Art

Cut It Up And See What It Really Says: Collage As Subversion At The Brooklyn Museum

Colette, Real Dream, Clocktower, Installation Performance NYC 1975-76, photo edition 30 x 72" (Courtesy the artist, via collectcolette.com)

Colette, Real Dream, Clocktower, Installation Performance NYC 1975-76, photo edition 30 x 72″ (Courtesy the artist, via collectcolette.com)

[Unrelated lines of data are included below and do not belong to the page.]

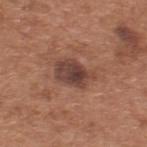<record>
<biopsy_status>not biopsied; imaged during a skin examination</biopsy_status>
<patient>
  <sex>male</sex>
  <age_approx>65</age_approx>
</patient>
<site>upper back</site>
<image>
  <source>total-body photography crop</source>
  <field_of_view_mm>15</field_of_view_mm>
</image>
<lesion_size>
  <long_diameter_mm_approx>4.5</long_diameter_mm_approx>
</lesion_size>
</record>
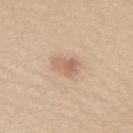Q: Was a biopsy performed?
A: imaged on a skin check; not biopsied
Q: Where on the body is the lesion?
A: the upper back
Q: Who is the patient?
A: female, in their mid-40s
Q: How was this image acquired?
A: 15 mm crop, total-body photography
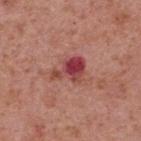<record>
<biopsy_status>not biopsied; imaged during a skin examination</biopsy_status>
<site>upper back</site>
<patient>
  <sex>male</sex>
  <age_approx>70</age_approx>
</patient>
<image>
  <source>total-body photography crop</source>
  <field_of_view_mm>15</field_of_view_mm>
</image>
</record>
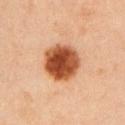lesion_size:
  long_diameter_mm_approx: 5.0
patient:
  sex: female
  age_approx: 45
image:
  source: total-body photography crop
  field_of_view_mm: 15
site: left upper arm
lighting: cross-polarized
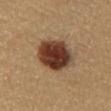notes = imaged on a skin check; not biopsied
subject = female, in their mid- to late 40s
tile lighting = cross-polarized
size = ~5 mm (longest diameter)
acquisition = ~15 mm tile from a whole-body skin photo
location = the front of the torso
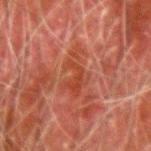Acquisition and patient details:
The tile uses cross-polarized illumination. A region of skin cropped from a whole-body photographic capture, roughly 15 mm wide. The patient is a male aged around 80. From the right forearm. The recorded lesion diameter is about 4.5 mm. An algorithmic analysis of the crop reported a mean CIELAB color near L≈35 a*≈27 b*≈29, roughly 6 lightness units darker than nearby skin, and a normalized border contrast of about 6. The software also gave internal color variation of about 1.5 on a 0–10 scale and peripheral color asymmetry of about 0.5.
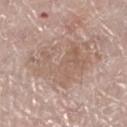The lesion was photographed on a routine skin check and not biopsied; there is no pathology result.
The total-body-photography lesion software estimated a lesion color around L≈58 a*≈16 b*≈26 in CIELAB and roughly 7 lightness units darker than nearby skin. The analysis additionally found a classifier nevus-likeness of about 0/100 and a lesion-detection confidence of about 90/100.
On the right leg.
A male patient roughly 70 years of age.
About 6.5 mm across.
This is a white-light tile.
A 15 mm close-up extracted from a 3D total-body photography capture.
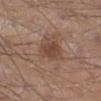Q: Was this lesion biopsied?
A: imaged on a skin check; not biopsied
Q: Patient demographics?
A: male, approximately 30 years of age
Q: How was this image acquired?
A: ~15 mm tile from a whole-body skin photo
Q: Where on the body is the lesion?
A: the left lower leg
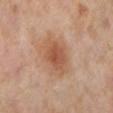Notes:
– notes — total-body-photography surveillance lesion; no biopsy
– subject — female, approximately 55 years of age
– site — the left lower leg
– lesion size — about 4 mm
– tile lighting — cross-polarized
– acquisition — 15 mm crop, total-body photography
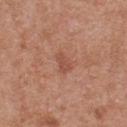Image and clinical context: The lesion is located on the upper back. This is a white-light tile. The total-body-photography lesion software estimated an outline eccentricity of about 0.7 (0 = round, 1 = elongated) and a shape-asymmetry score of about 0.3 (0 = symmetric). The software also gave a mean CIELAB color near L≈51 a*≈25 b*≈30, a lesion–skin lightness drop of about 7, and a normalized border contrast of about 5.5. The analysis additionally found a lesion-detection confidence of about 100/100. A male patient, in their 30s. A 15 mm close-up extracted from a 3D total-body photography capture. The lesion's longest dimension is about 2.5 mm.
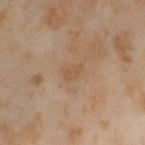biopsy_status: not biopsied; imaged during a skin examination
site: left thigh
automated_metrics:
  area_mm2_approx: 3.0
  cielab_L: 54
  cielab_a: 17
  cielab_b: 33
  vs_skin_darker_L: 6.0
  vs_skin_contrast_norm: 5.0
  border_irregularity_0_10: 3.5
  nevus_likeness_0_100: 0
  lesion_detection_confidence_0_100: 100
lesion_size:
  long_diameter_mm_approx: 2.5
image:
  source: total-body photography crop
  field_of_view_mm: 15
lighting: cross-polarized
patient:
  sex: female
  age_approx: 55
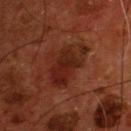The lesion was photographed on a routine skin check and not biopsied; there is no pathology result. Cropped from a total-body skin-imaging series; the visible field is about 15 mm. On the chest. An algorithmic analysis of the crop reported a footprint of about 15 mm², a shape eccentricity near 0.8, and a shape-asymmetry score of about 0.4 (0 = symmetric). It also reported a border-irregularity rating of about 5.5/10, a within-lesion color-variation index near 4/10, and radial color variation of about 1.5. And it measured a nevus-likeness score of about 15/100 and lesion-presence confidence of about 100/100. The subject is a male aged approximately 55. Longest diameter approximately 6 mm. The tile uses cross-polarized illumination.
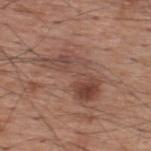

“The Cut-Ups are not for ‘artistic purposes.’ As we see it, the function of ‘art’ is out. The Cut-Ups are a weapon you will need on the way out.”–William S. Burroughs and Brion Gysin The Third Mind

Since the Dada-ists such as Tristan Tzara and Hannah Höch, collage has been understood as a revolutionary medium, cutting, ripping and tearing apart normative culture, sexualities, genders, the patriarchal structure and hegemonic society.  Last weekend, the Brooklyn Museum’s Elizabeth A. Sackler Center for Feminist Art and the International Collage Center hosted a panel, “Fashioning Personnae: Collage, Gender and Feminism,” bringing together an inspirational group of artists to question the nature of collage as it relates to gender, identity and the self.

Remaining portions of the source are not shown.